Ousmane Sonko à Mbacké : indépendance financière et ambitions politiques du Pastef

Lors de sa tournée dans la région de Diourbel, marquée par les « 48 heures du Pastef », Ousmane Sonko a défendu avec force l’autonomie financière de son parti. Le leader politique a profité de ses discours à Touba et Sadio pour retracer les origines de son mouvement et partager ses perspectives sur la gestion actuelle de l’État.
Un financement militant, loin des fonds publics
À Touba, devant une foule de sympathisants, Ousmane Sonko a détaillé le modèle économique du Pastef. Face aux critiques sur la vente massive de cartes d’adhésion, il a réaffirmé l’indépendance financière de son parti. « Pastef ne vit pas des deniers de l’État, c’est haram pour nous », a-t-il souligné, insistant sur une gestion transparente et responsable.
Le leader a souligné l’engouement sans précédent pour les adhésions, illustré par la vente record des cartes. « Avant 16 heures, les 13 000 cartes initialement prévues étaient déjà épuisées. Une nouvelle commande a dû être lancée depuis Dakar », a-t-il annoncé avec fierté. Il a aussi conseillé à ses militants de rester unis et de ne pas s’éparpiller face aux provocations extérieures. « Si le Sénégal vit en paix, le Pastef remportera tout. Aucune élection ne lui échappera », a-t-il déclaré avec conviction.

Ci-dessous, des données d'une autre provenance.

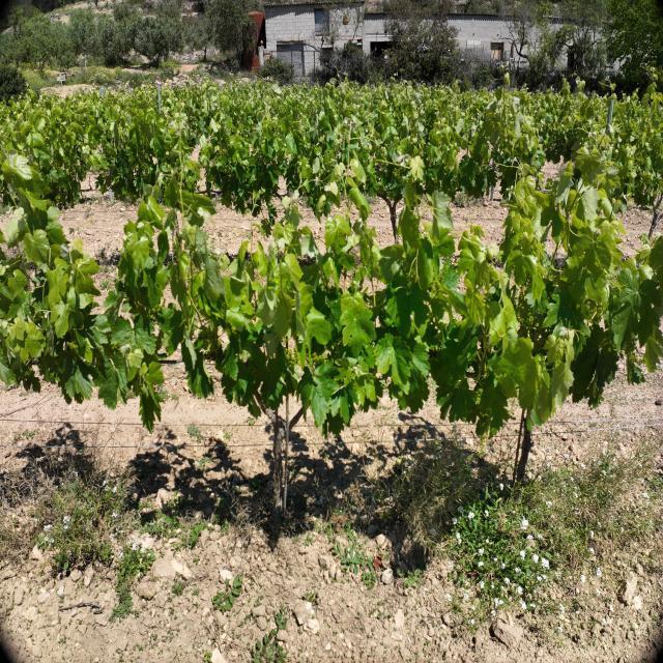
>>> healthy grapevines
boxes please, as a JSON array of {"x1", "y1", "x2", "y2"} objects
[
  {"x1": 48, "y1": 207, "x2": 429, "y2": 541},
  {"x1": 392, "y1": 169, "x2": 663, "y2": 515}
]
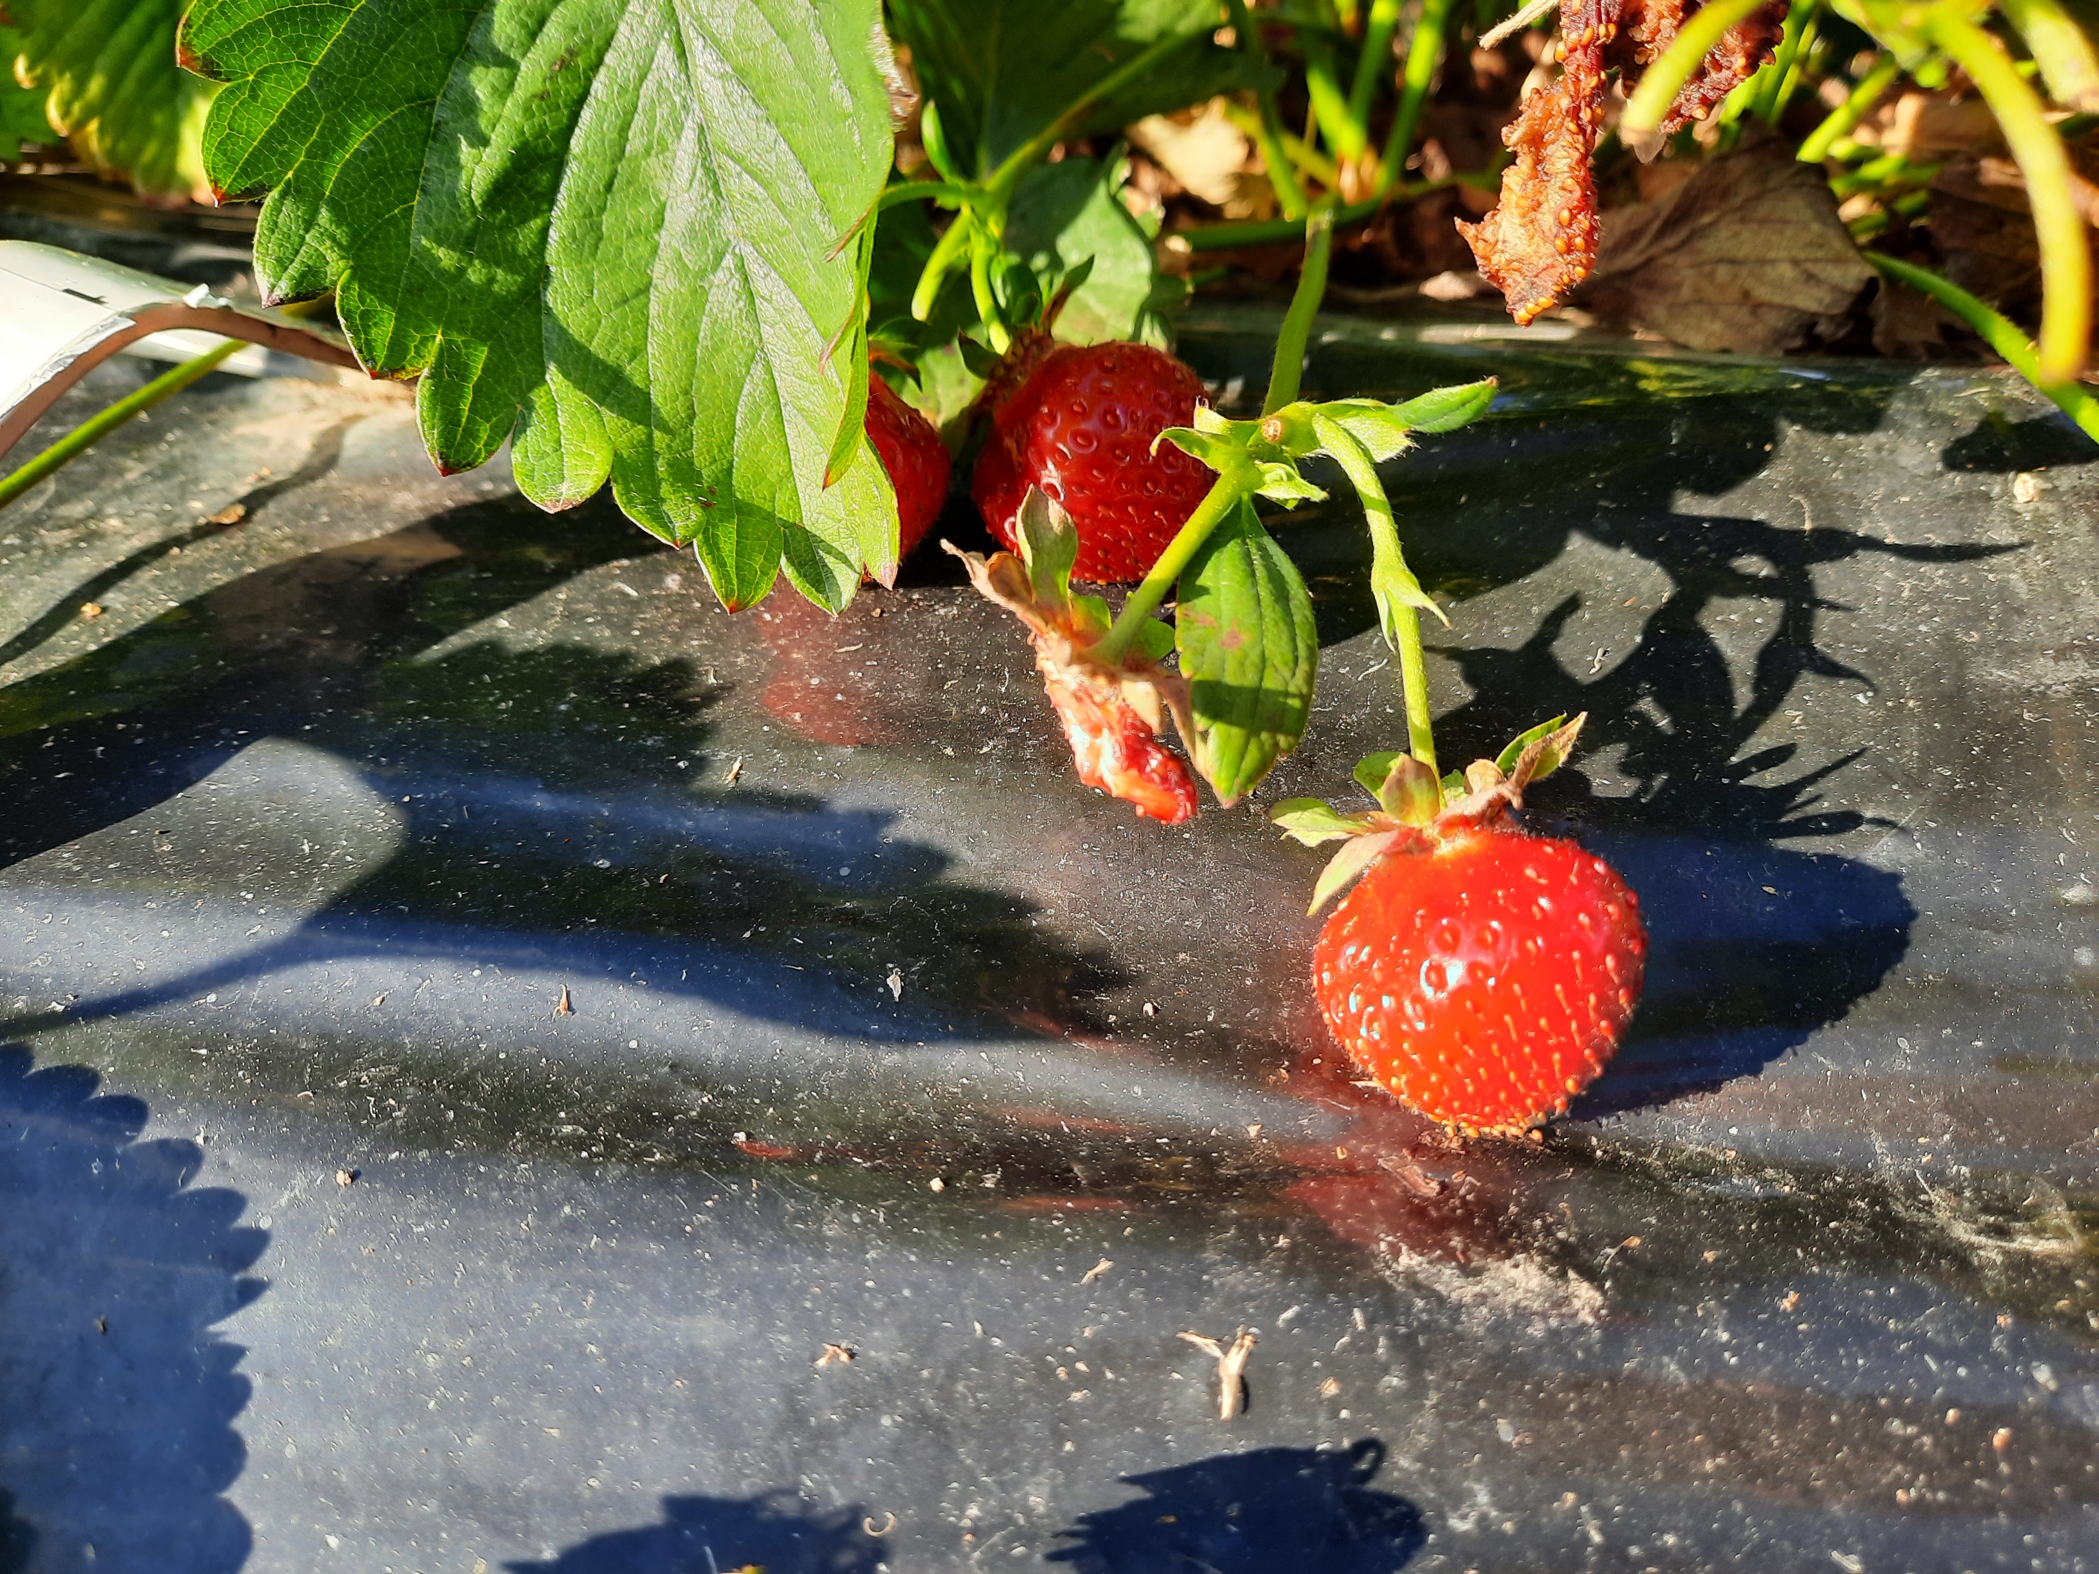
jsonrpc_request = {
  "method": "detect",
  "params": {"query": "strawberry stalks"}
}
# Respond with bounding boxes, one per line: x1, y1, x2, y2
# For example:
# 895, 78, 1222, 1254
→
1347, 449, 1436, 913
956, 209, 1052, 415
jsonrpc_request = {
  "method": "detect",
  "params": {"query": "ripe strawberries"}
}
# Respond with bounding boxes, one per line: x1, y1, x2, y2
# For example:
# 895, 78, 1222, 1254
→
728, 364, 945, 590
1349, 816, 1635, 1112
995, 352, 1243, 605
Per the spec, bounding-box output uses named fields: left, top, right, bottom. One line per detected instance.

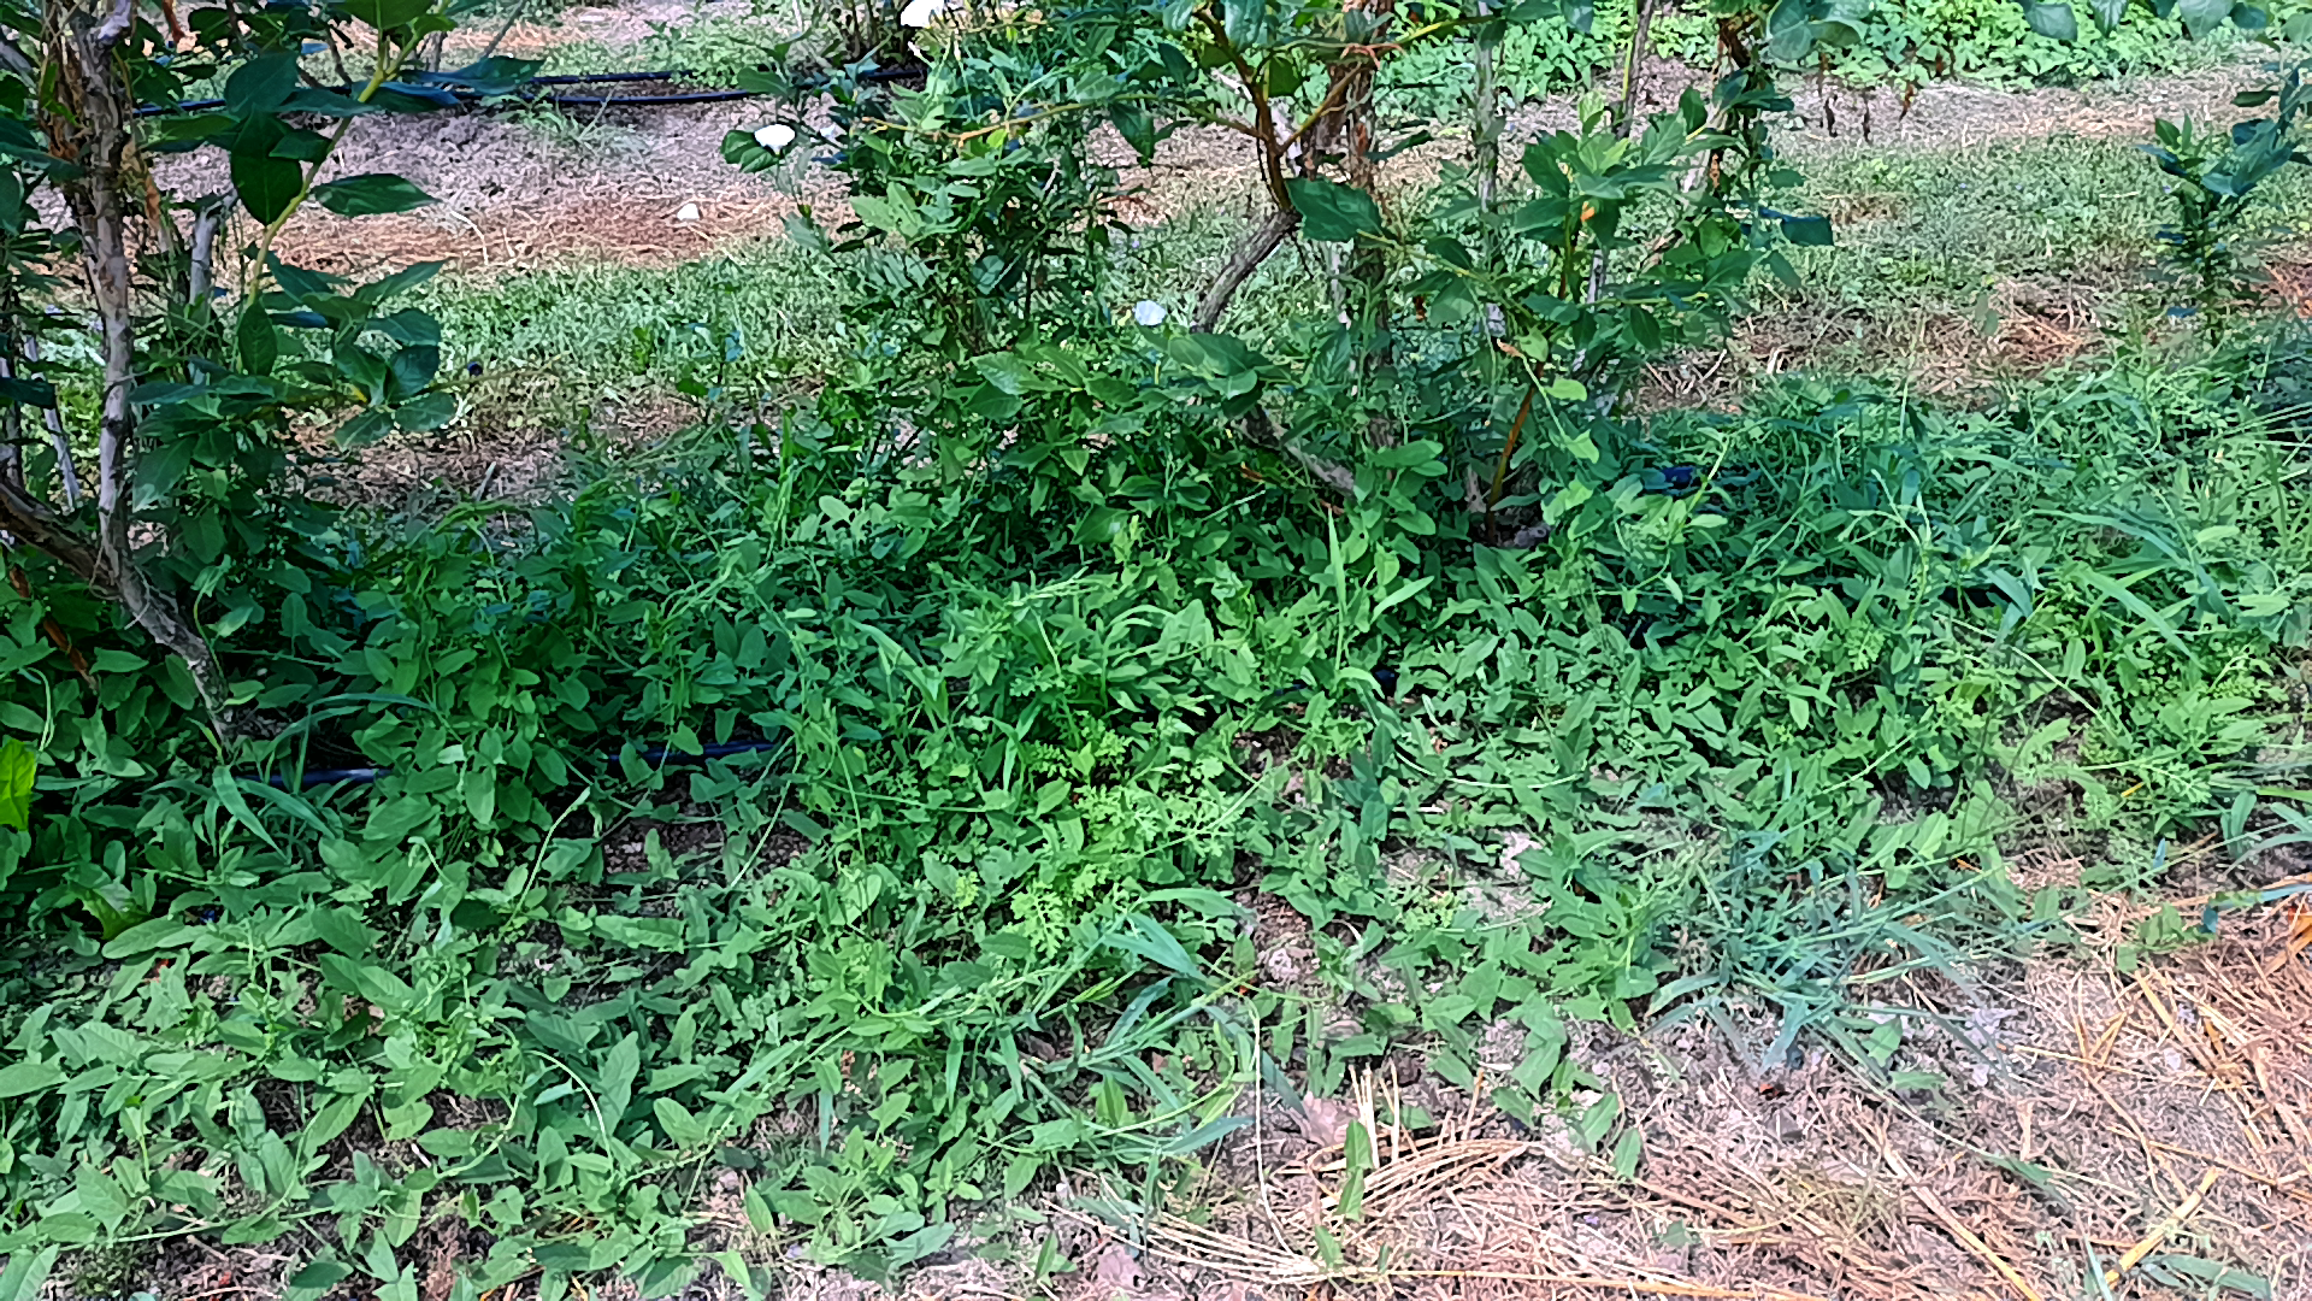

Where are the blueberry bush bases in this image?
left=0, top=332, right=472, bottom=900
left=1158, top=237, right=1712, bottom=677
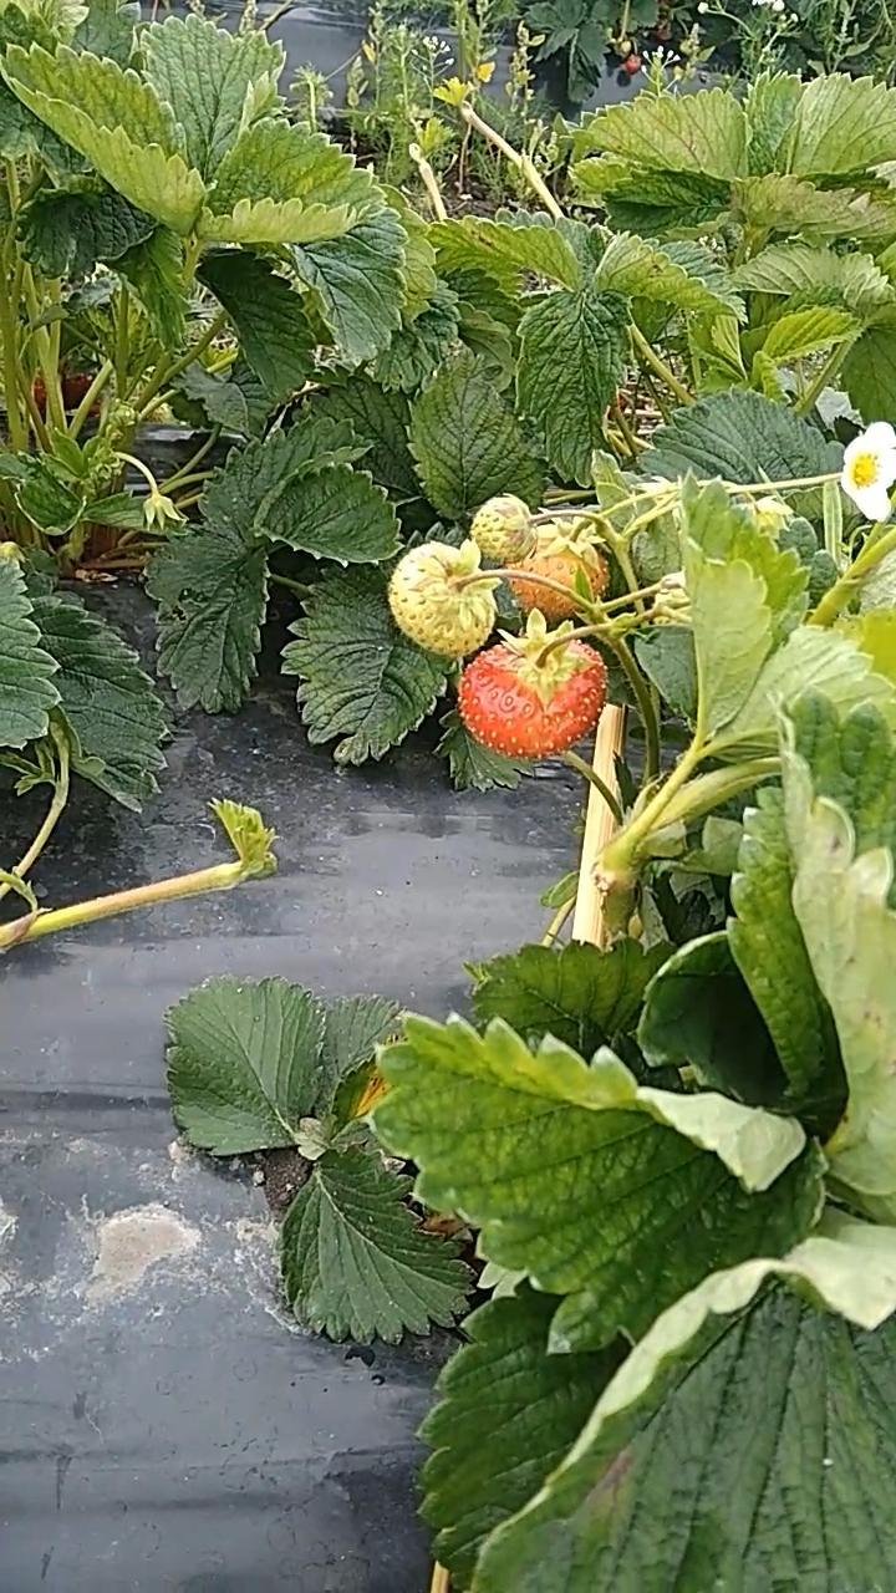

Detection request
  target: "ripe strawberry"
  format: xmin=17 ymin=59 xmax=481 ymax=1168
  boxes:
xmin=454 ymin=637 xmax=613 ymax=764
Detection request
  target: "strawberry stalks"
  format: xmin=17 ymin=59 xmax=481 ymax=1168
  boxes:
xmin=518 ymin=599 xmax=642 ymax=693
xmin=454 ymin=563 xmax=539 ymax=603
xmin=512 ymin=500 xmax=599 ymax=535
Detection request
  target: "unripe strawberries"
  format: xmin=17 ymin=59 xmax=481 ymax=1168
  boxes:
xmin=472 ymin=489 xmax=535 ymax=564
xmin=386 ymin=538 xmax=490 ymax=661
xmin=502 ymin=518 xmax=609 ymax=622
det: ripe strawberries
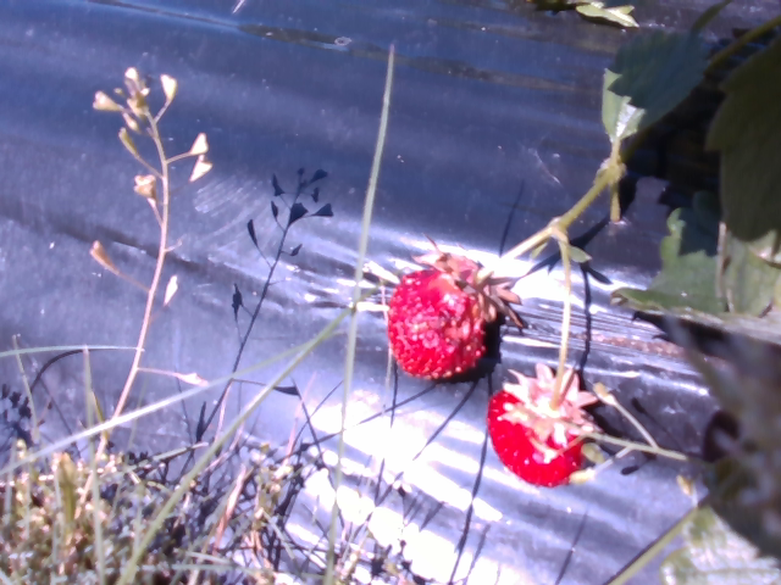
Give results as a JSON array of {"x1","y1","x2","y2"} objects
[
  {"x1": 491, "y1": 382, "x2": 604, "y2": 490},
  {"x1": 385, "y1": 272, "x2": 488, "y2": 383}
]
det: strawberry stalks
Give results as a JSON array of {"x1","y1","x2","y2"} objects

Un rappel historique et des questions sur l’action gouvernementale
À Sadio, Ousmane Sonko a adopté un ton plus analytique pour revenir sur l’alternance politique de mars 2024. Il a mis en avant son rôle clé dans la désignation de Bassirou Diomaye Faye comme candidat du parti, après l’invalidation de sa propre candidature. Pour lui, cette transition s’inscrit dans une légitimité historique et politique solide.
Le leader a aussi exprimé des réserves sur la direction actuelle de l’exécutif. Sans remettre en cause directement l’action présidentielle, il a pointé un possible écart entre les promesses initiales et les réalisations actuelles, soulignant ainsi une distinction entre la ligne du Pastef et les choix de l’État.
2026 et 2029 : des scrutins décisifs pour le projet politique
Ousmane Sonko considère que le combat politique mené jusqu’ici a atteint 80 % de ses objectifs. Désormais, il se positionne comme le garant des valeurs fondatrices de son mouvement. Les prochaines élections, en 2026 puis en 2029, s’annoncent comme des étapes majeures pour concrétiser l’ambition initiale du Pastef.
Ce message, adressé à la base militante, réaffirme son leadership et son influence sur l’avenir politique du pays. Le leader a ainsi montré que son parti reste déterminé à jouer un rôle central dans les années à venir.